One molecule, infinite tools
Targeted depletion of unwanted transcripts results in a significant reduction in sequencing reads derived from cytoplasmic and mitochondrial rRNAs, globin, chloroplasts, housekeeping genes, or any other transcript species that may not be relevant to a study, for more efficient use of sequencing resources.
As a part of our standard procedure we prepare strand oriented RNA-seq “libraries” that maintain the information on which strand the original mRNA template is coming from, allowing to accurately determine gene expression from overlapping genes or to discover antisense regulators.
Tools for efficient cDNA generation from ultra-low inputs supporting research in areas previously hampered by quantity are part of our portfolio.
Full-length cDNA (Oxford Nanopore) is used in the context of projects where full length transcripts are sequenced to obtain fine structure of isoforms and to study their differential expression or to fine annotate de novo assembled genomes.

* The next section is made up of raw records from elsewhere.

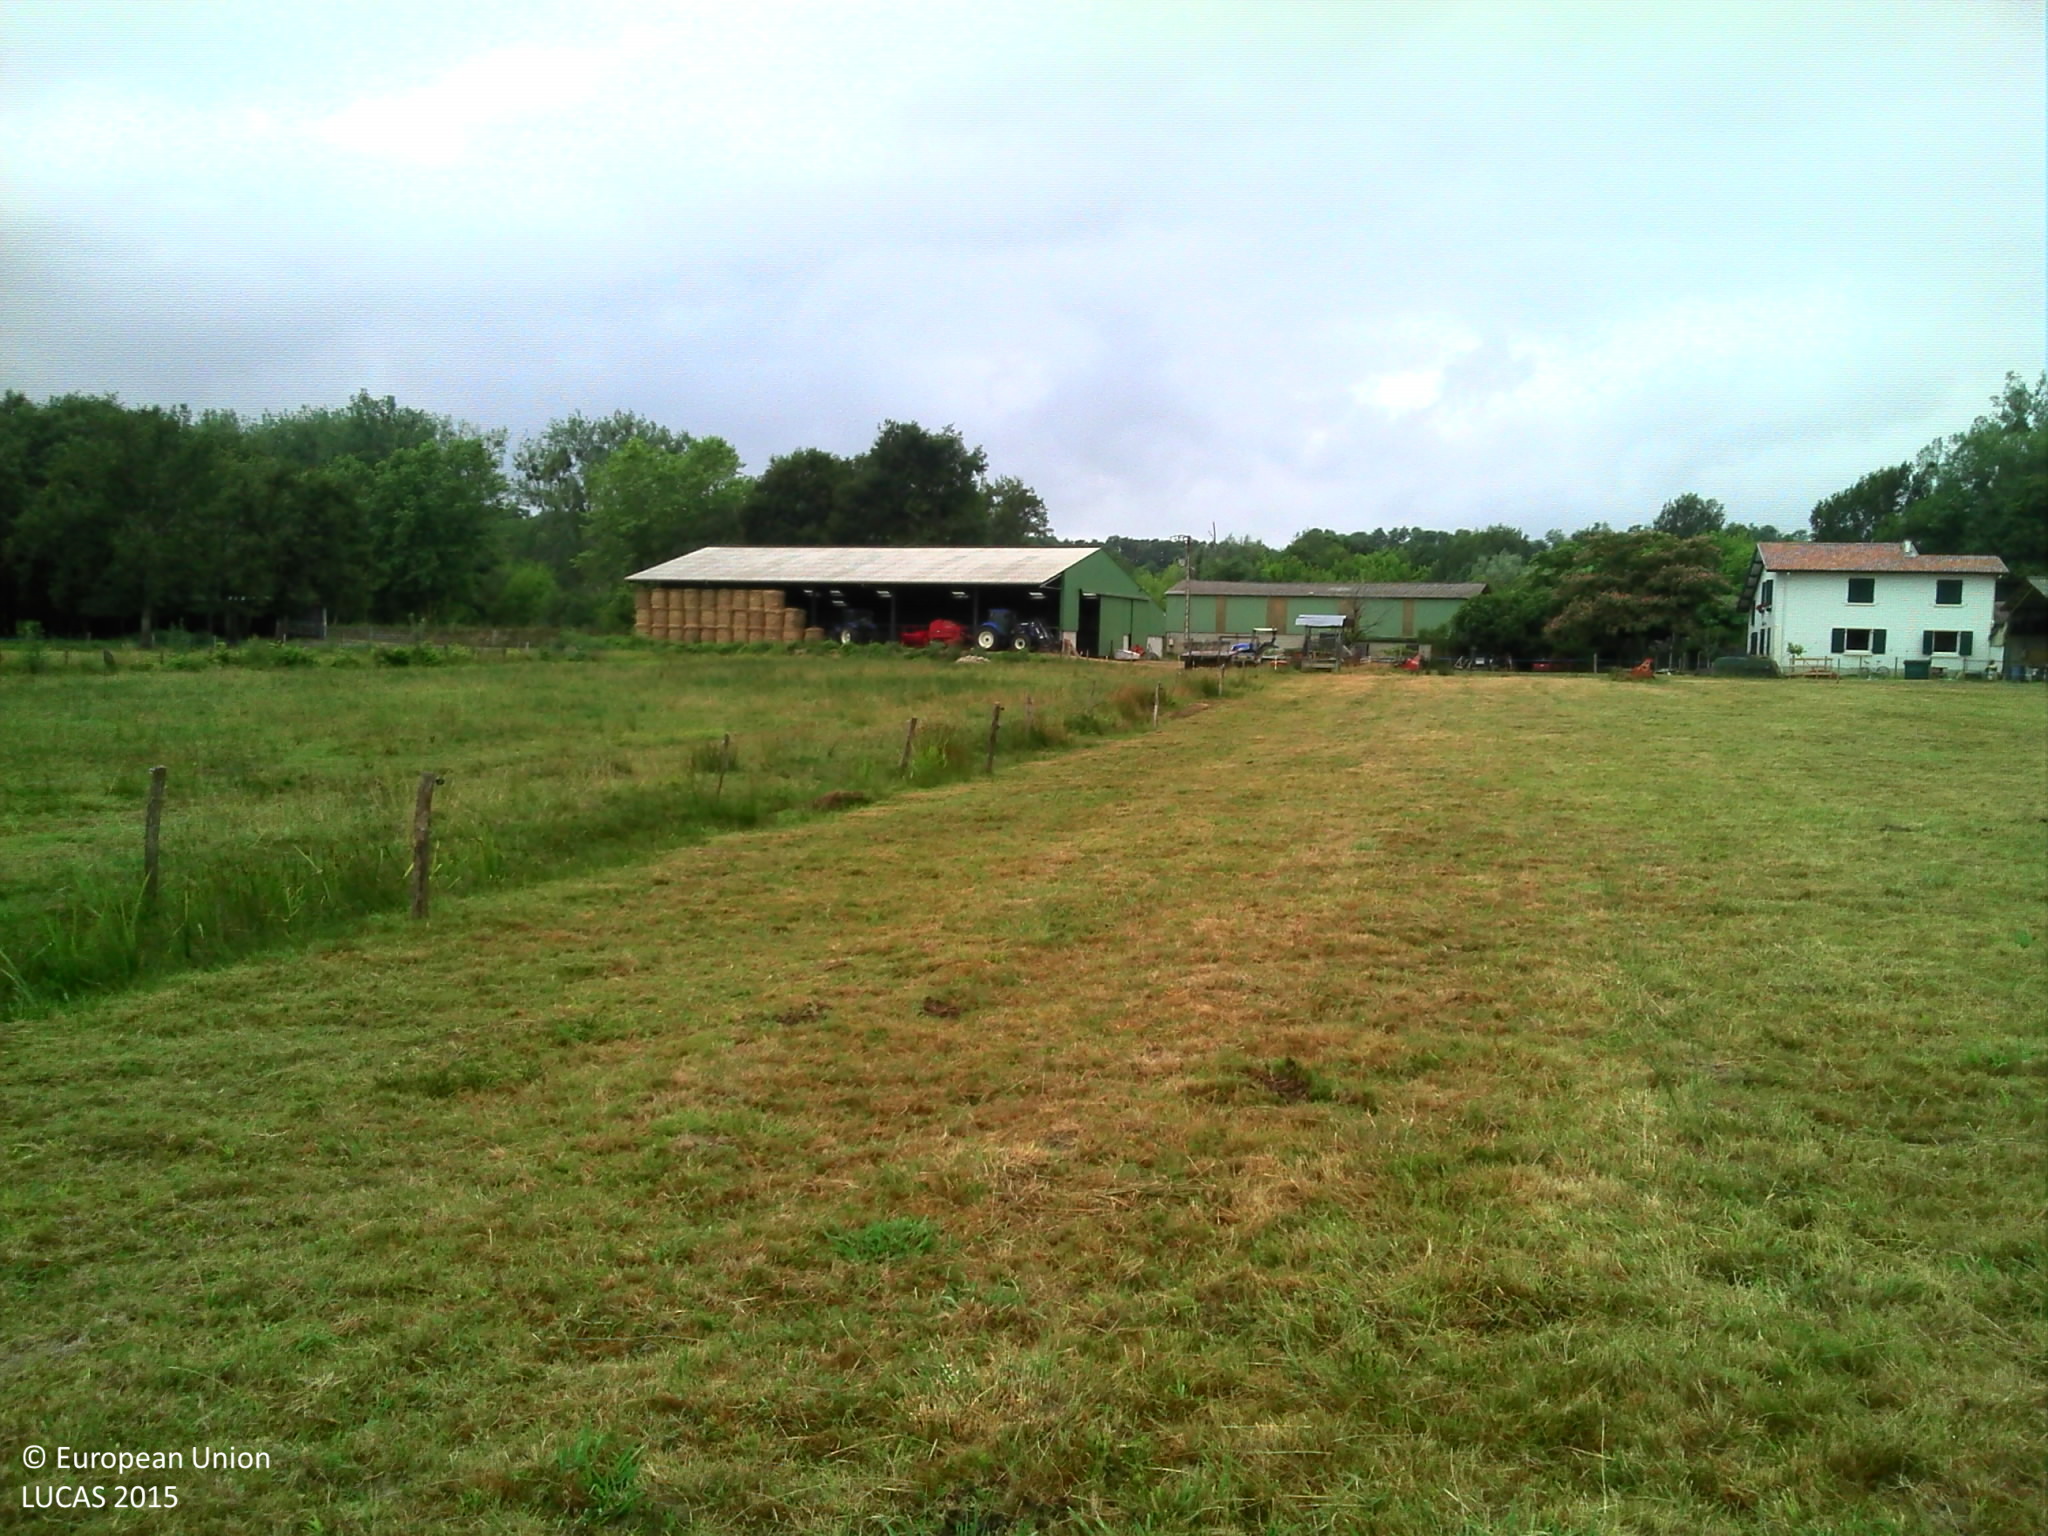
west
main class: Grassland
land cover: Grassland without tree/shrub cover
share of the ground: > 75 %
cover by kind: herbaceous plants 100 %
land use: Agriculture (excluding fallow land and kitchen gardens)
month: July
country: FR
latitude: 43.6116
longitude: -1.2299
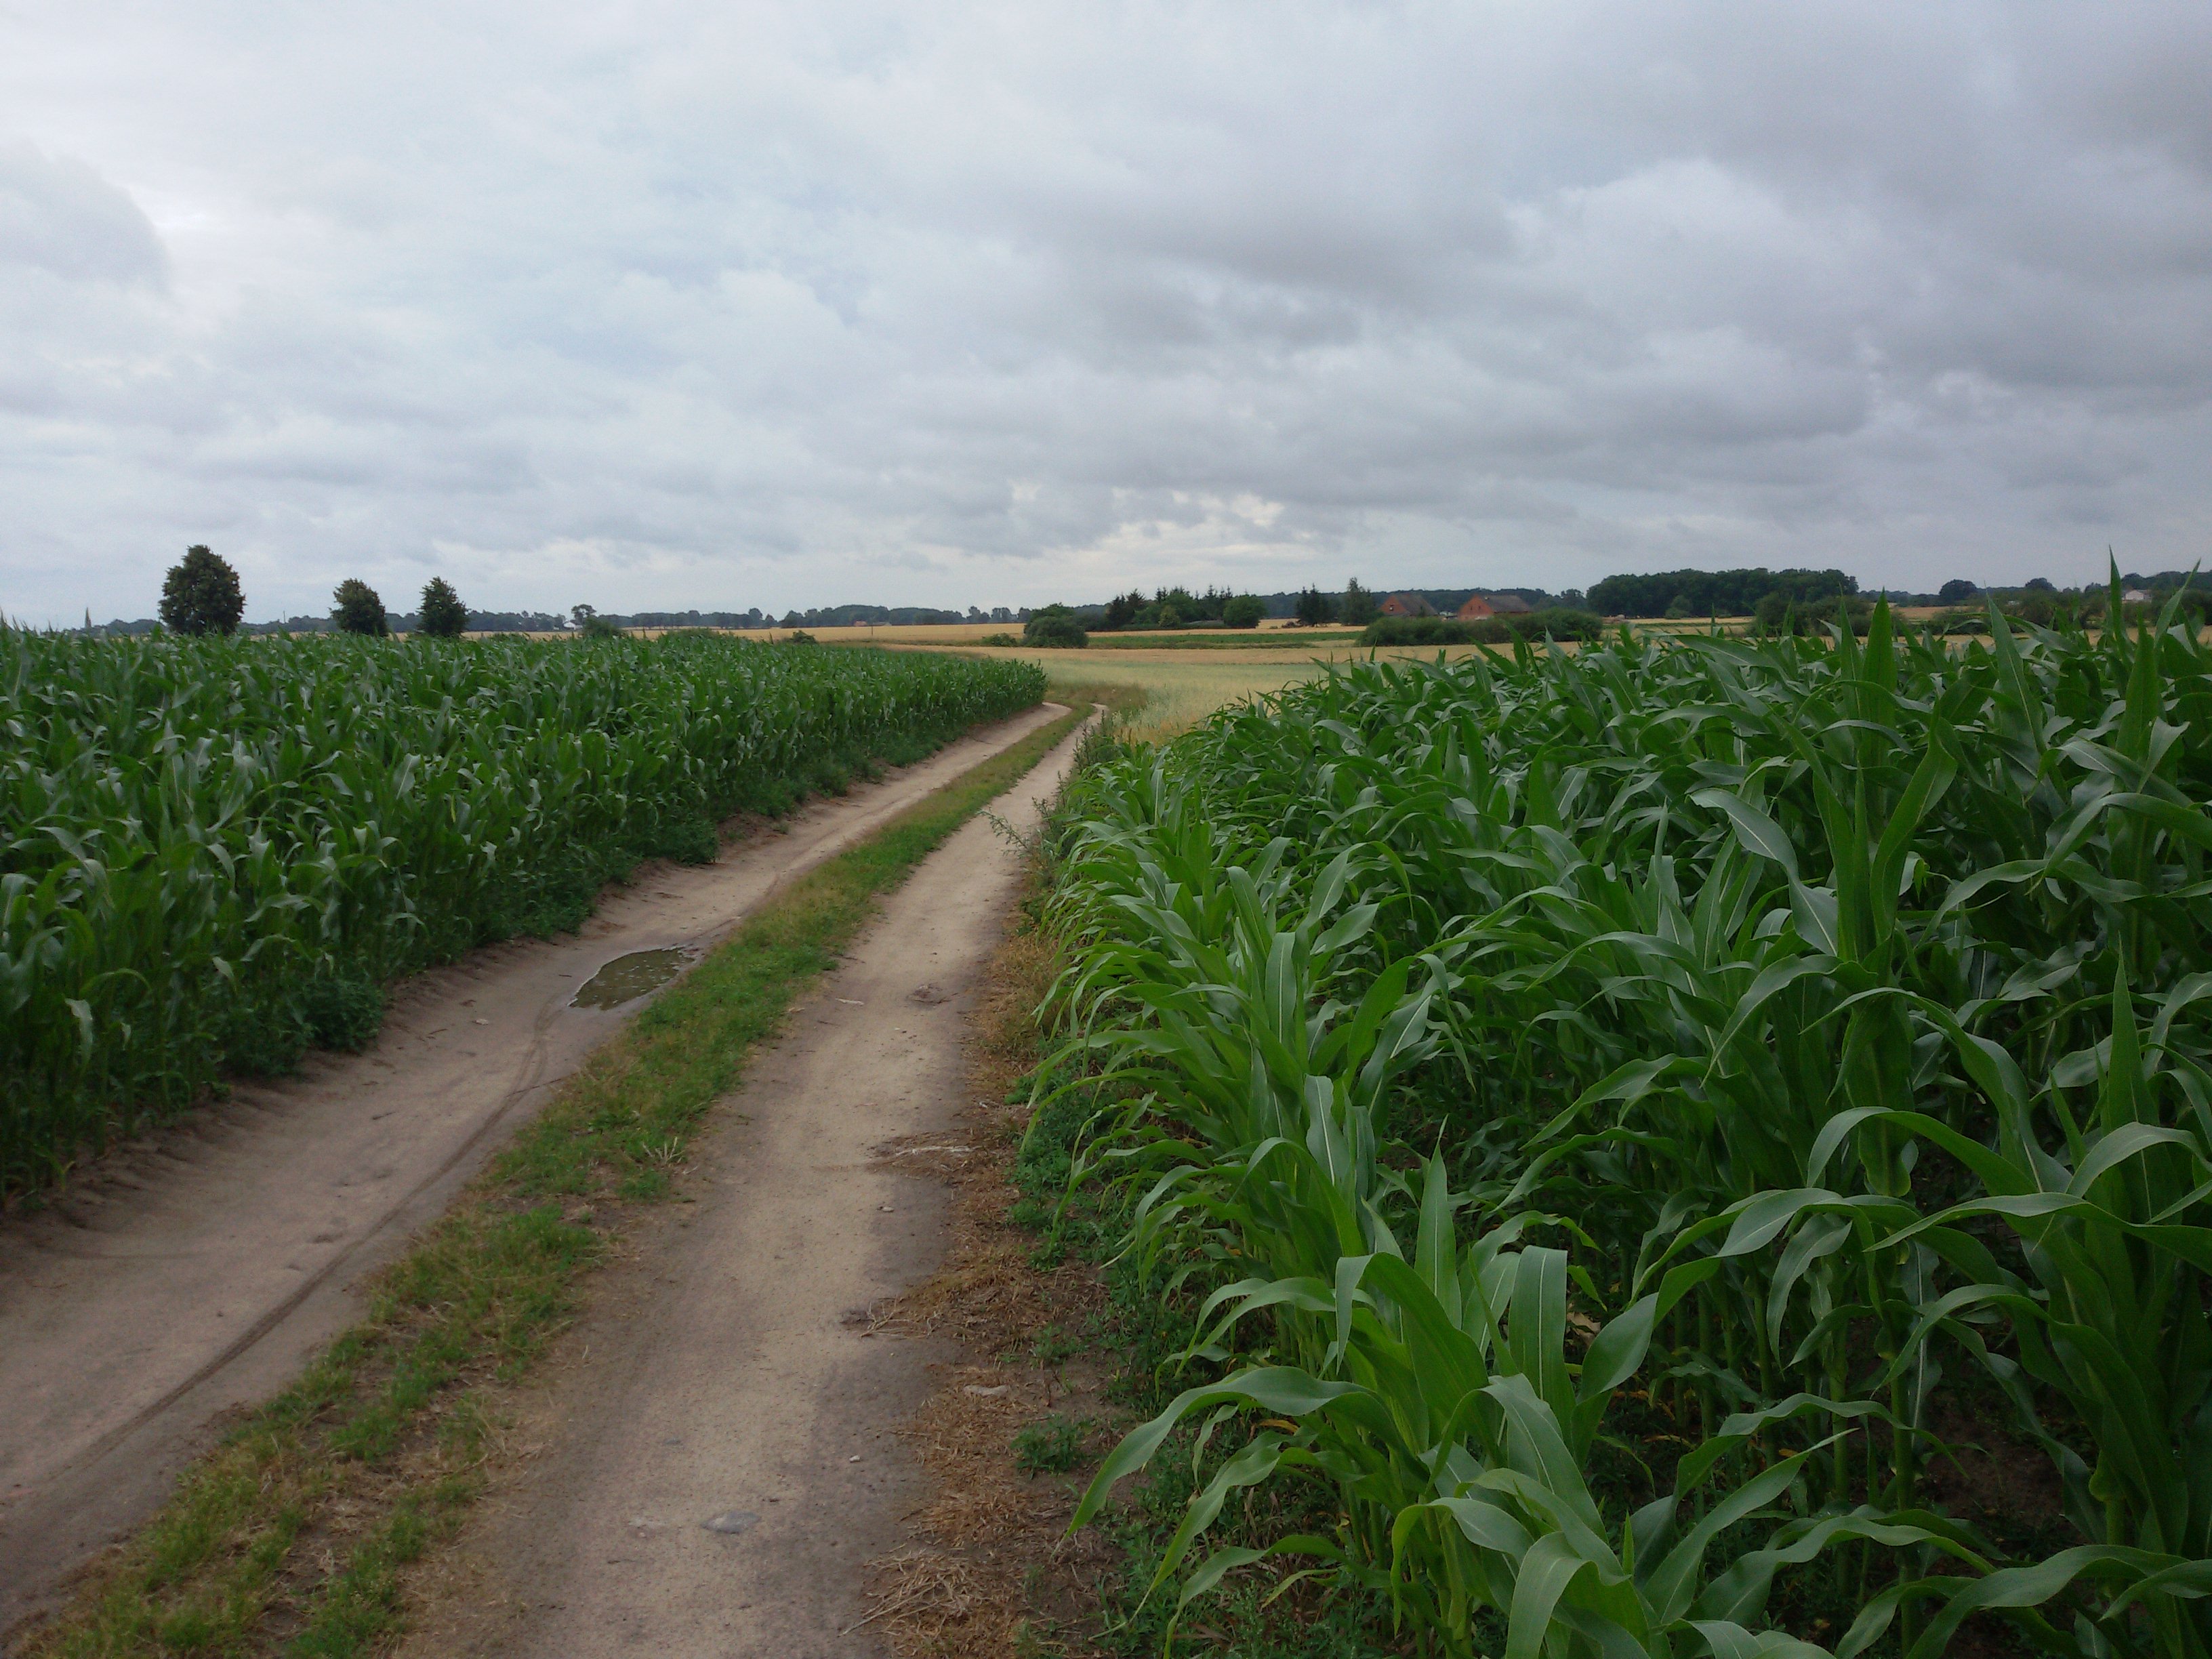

Direct RNA Sequencing: direct RNA sequencing, powered by Oxford Nanopore Technologies provides a direct window into the viral genetic material, bypassing traditional limitations and offering a comprehensive view of viral evolution, mutation rates, and pathogenicity mechanisms. Ideal for emerging pathogens and rapidly mutating viruses this technology also allow to detect base modifications on the RNA molecule such as N6-methyladenosine (m6A) and pseudouridine ( Ψ ) which are now to play important role in stability of the molecule and replication rate. These same modifications are crucial for the development of RNA-based vaccines.